Recall that Stokes flow in $\mathbb{R}^3$ is the solution $(\textbf{u}, p)$ of
$$\begin{align} -\nabla p + \mu \Delta \textbf{u} &= \textbf{f} \\ \nabla \cdot \textbf{u} &= 0, \end{align} \tag{1}$$
together with the boundary conditions at infinity, which are $\|\textbf{u}\|, \left|p\right| \to 0$ as $\|\textbf{x}\| \to \infty$.

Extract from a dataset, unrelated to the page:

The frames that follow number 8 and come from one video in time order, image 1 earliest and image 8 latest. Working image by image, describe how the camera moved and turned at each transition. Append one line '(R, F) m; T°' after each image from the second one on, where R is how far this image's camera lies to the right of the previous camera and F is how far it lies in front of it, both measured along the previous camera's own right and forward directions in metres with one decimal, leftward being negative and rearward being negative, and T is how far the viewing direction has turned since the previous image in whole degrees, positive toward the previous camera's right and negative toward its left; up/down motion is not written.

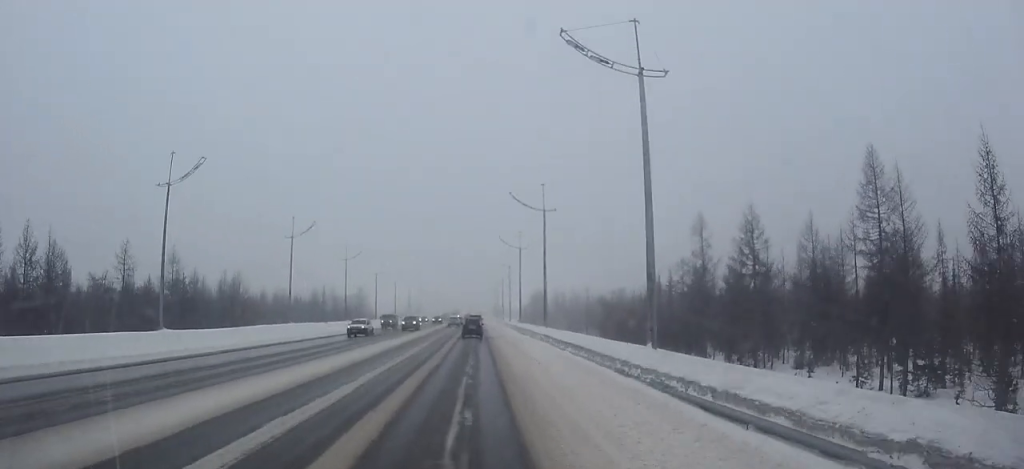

If we let $\textbf{f} = -\textbf{f}_0 \delta(\textbf{x})$ (where $\textbf{f}_0$ is a constant vector and $\delta(\textbf{x})$ is the delta distribution), then $(\textbf{u}, p)$ is the fundamental solution, written as
$$\begin{align} \textbf{u}(\textbf{x}) &= \frac{1}{8 \pi \mu} \left( \frac{\textbf{f}_0}{r} + \frac{\textbf{x} \textbf{x}^T \textbf{f}_0}{r^3} \right) \\ p(\textbf{x}) &= \frac{\textbf{x}^T \textbf{f}_0}{4 \pi r^3}. \end{align} \tag{2}$$
I understand the derivation of the fundamental solution $(\textbf{u}, p)$ (e.g. in Pozrikidis, Boundary Integral and Singularity Methods for Linearized Viscous Flow (1992), or in two related questions with excellent answers by Willie Wong [1] [2]). What I would like to understand now is how to verify that $(\textbf{u}, p)$ is the fundamental solution. Therefore my question is this: With $(\textbf{u}, p)$ defined as in Equation (2), and the Stokes equation in $\mathbb{R}^3$ defined as in Equation (1), how do I "plug in $(\textbf{u}, p)$," do some calculations, and conclude that $\textbf{f} = -\textbf{f}_0 \delta(\textbf{x})$?
Note: A colleague and I have tried the calculations several times, without success. We are familiar with the identity $\Delta(\frac{1}{r}) = -4 \pi \delta(\textbf{x})$ and its derivation, and with the need to consider things in terms of distributions. We are interested in this question because it is similar to (and perhaps more tractable than) a related question for Stokes equation in $\mathbb{R}^2 \times [0, \infty)$ (where the fundamental solution is given e.g. in Blake & Chwang, "Fundamental singularities of viscous flow" (1974)).